Até na música essa ideia está visível. O termo “O Brasil é do Senhor Jesus” intitula a canção de dois artistas gospel populares, Mattos Nascimento e a banda Voz da Verdade. Por sua vez, do músico Sérgio Pessoa, há “Desta Cidade Jesus Cristo é o Senhor”. Na canção de Mattos Nascimento, ele diz querer “Ver o presidente, o governador Se curvando à Deus, o nosso senhor”. Na da Voz da Verdade, é dito que “Jesus comanda este país de terra e mar” e proclama “Jesus Cristo na nossa bandeira”.

OS MEIOS

Os meios, as ferramentas para a instalação de uma teocracia evangélica no Brasil partem, particularmente, dos vastos poderes religioso, político, econômico e midiático dessas denominações.

  • Poder religioso / abrangência demográfica

Segundo o censo de 2010, 22,2% da população brasileira se declara evangélica. Um censo mais recente do Datafolha, de 2013, mostra que esse número já cresceu para 29%, sendo que 22% são neo/pentecostais. Portanto, há cerca 60 milhões de neo/pentecostais no Brasil.

Análises do perfil socioeconômico também mostram que estes milhões se encontram nas camadas mais pobres e menos escolarizadas do país, geralmente em contextos em que o poder público está totalmente ausente de suas vizinhanças e vidas. Somando-se a isso o fato de que uma estratégia de conversão comum no universo neo/pentecostal é atrair pessoas em situações de crise emocional, financeira, de saúde etc., o evangélico típico é um indivíduo de perfil manipulável e mais propenso a ser radicalizado. E considerando a participação política desses indivíduos, sabe-se que “eleitores evangélicos votam em seus pares, seus irmãos e pastores”.

Portanto, dezenas de milhões de brasileiros abertos à manipulação e radicalização prontos para votarem e apoiarem o que seus pastores sugerirem.

  • Poder econômico

Não é necessário se estender muito aqui, o poder econômico dessas igrejas é bem reconhecido. As principais lideranças religiosas neo/pentecostais são milionários e bilionários. Talvez, o que deixe mais claro, de forma sucinta, a dimensão desse poder é justamente o valor das riquezas das principais lideranças evangélicas do país divulgadas pela Forbes.

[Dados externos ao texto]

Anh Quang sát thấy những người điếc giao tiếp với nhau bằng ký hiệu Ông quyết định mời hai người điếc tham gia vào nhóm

Vale ressaltar que Edir Macedo, por meio do grupo Record, também é dono de 49% de um banco, o Banco Renner.

  • Poder midiático

Mais uma vez, essa é outra dimensão de poder dessas igrejas bastante conhecida para qualquer brasileiro. E, também aqui, é a Universal que se destaca. Ela é dona da Rede Record, a segunda maior emissora no Brasil; o canal de notícias Record News; o jornal Folha Universal (circulação de mais de 2,5 milhões); a Rádio Record de São Paulo (que comanda um pool de outras 30 emissoras de rádio), a Rede Aleluia que possui 68 emissoras próprias; selos musicais. A Igreja Internacional da Graça de Deus, de R.R. Soares, ocupa o horário nobre da rede Bandeirantes, todas as noites, e conta também com uma concessão de televisão, a RIT (Rede Internacional de Televisão), que conta com 8 emissoras e mais de 170 retransmissoras. A Igreja Mundial do Poder de Deus, de Valdemiro Santiago, é dona da emissora Rede Mundial. A Igreja Apostólica Renascer em Cristo, de Estevan e Sônia Hernandes, opera várias emissoras de rádio em São Paulo e um canal de televisão, a Rede Gospel. Seria possível mencionar muitas outras igrejas, mas ficaremos apenas nessas.

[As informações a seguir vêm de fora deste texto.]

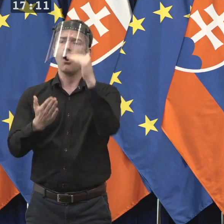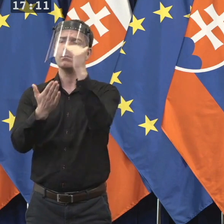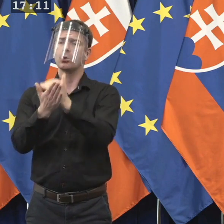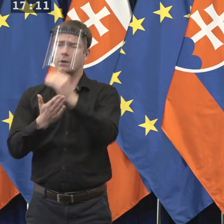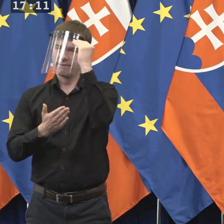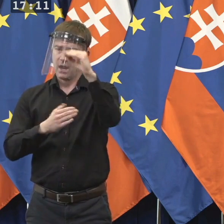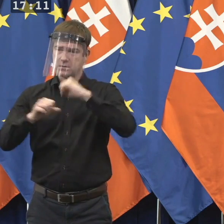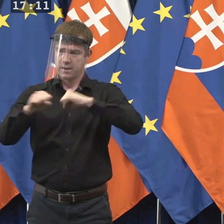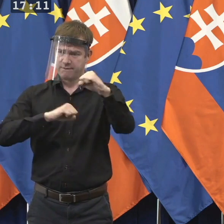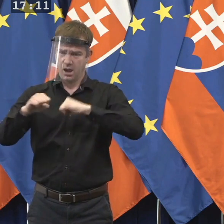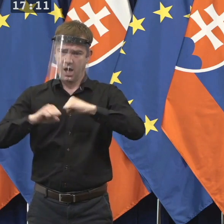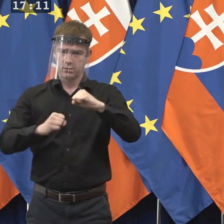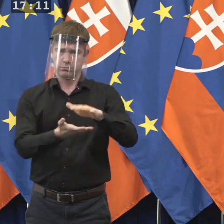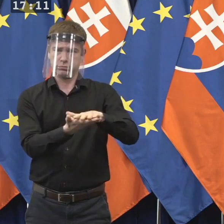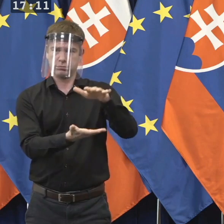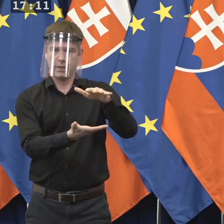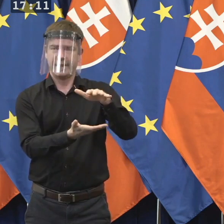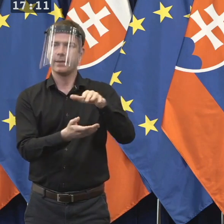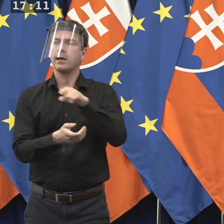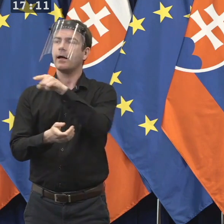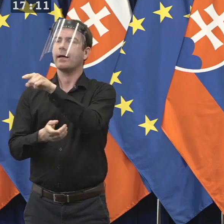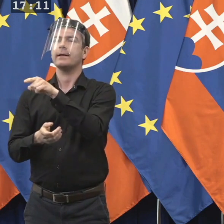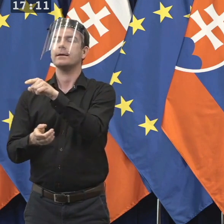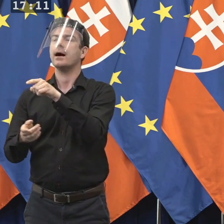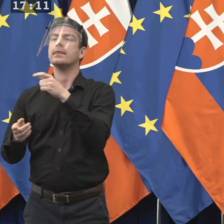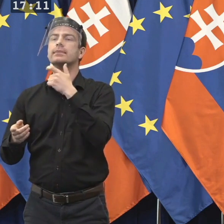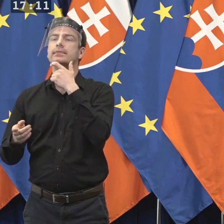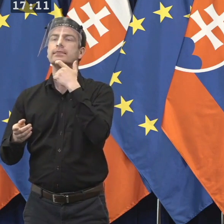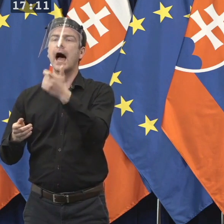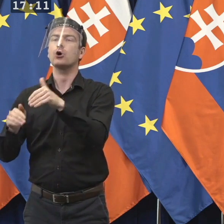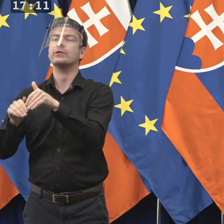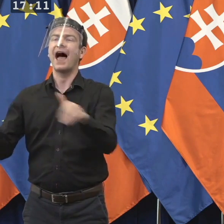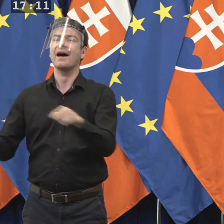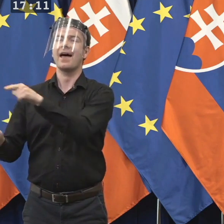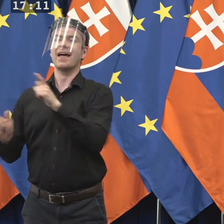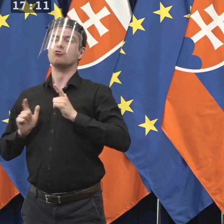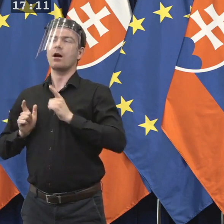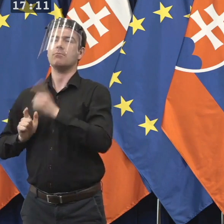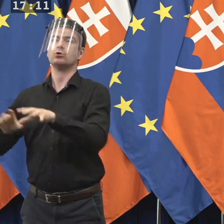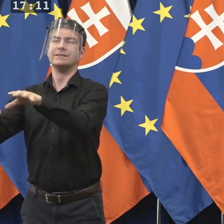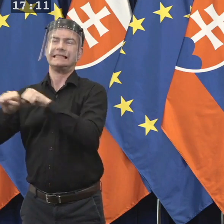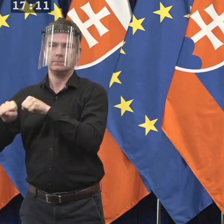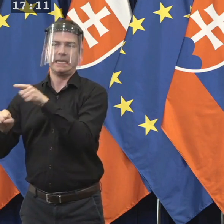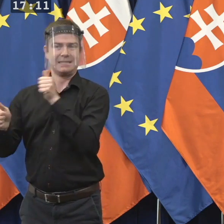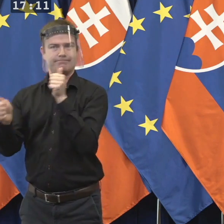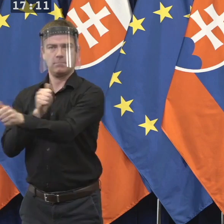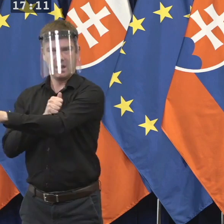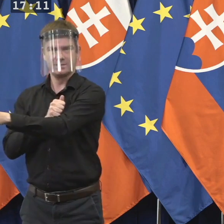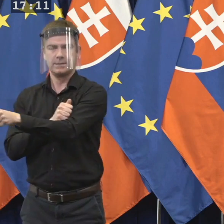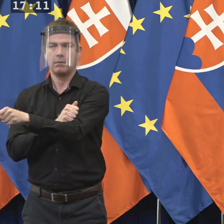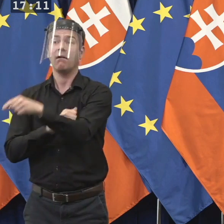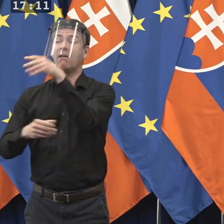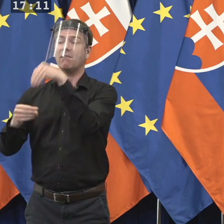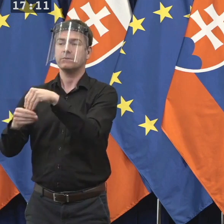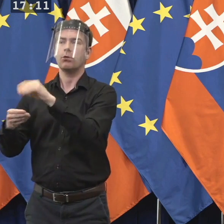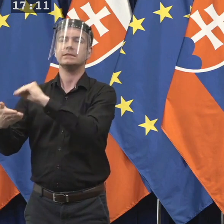dnes leží v Národnej rade a čaká, kým bude definitívne schválené, je napísaný záväzok, že áno,

Porém, a influência midiática das lideranças evangélicas tem ido além das tradicionais rádio e TV. Silas Malafaia, do ministério Vitória em Cristo, ligado à Assembleia de Deus, por exemplo, possui mais de 1 milhão e 300 mil seguidores no Twitter, além de 300 mil seguidores em seu canal no YouTube. Marco Feliciano, também ligado à Assembleia, tem meio milhão de seguidores no Twitter.

Fonte: 1

  • Poder político

Os evangélicos adentram a política nos anos 1980 e, desde então, só crescem em números e influência. Nos governos do PT, eles passam a ganhar papel de destaque nacionalmente e, no governo Temer, uma República Evangélica começa a ganhar seus contornos.

A força desse grupo se encontra particularmente no legislativo (municipal, estadual e federal), contudo, a tomada de cargos do executivo está em ascensão e é uma de suas estratégias políticas recentes, como será visto adiante. Em nível federal, a representação legislativa mais evidente deste grupo é a Frente Parlamentar Evangélica, conhecida popularmente como Bancada Evangélica. São 198 deputados e 4 senadores¹. Portanto, quase 40% dos deputados federais no Brasil pertencem à bancada Evangélica.

Lista de alguns prefeitos evangélicos mais significantes: Marcelo Crivella (Rio de Janeiro/RJ), Anderson Ferreira (Jaboatão dos Guararapes/PE), Dr. João (São João do Meriti/RJ), Edinho Araújo (São José do Rio Preto/SP), Fabiano Horta (Maricá/RJ), Marquinho Mendes (Cabo Frio/RJ), Max Filho (Vila Velha/ES), Washington Reis (Duque de Caxias/RJ).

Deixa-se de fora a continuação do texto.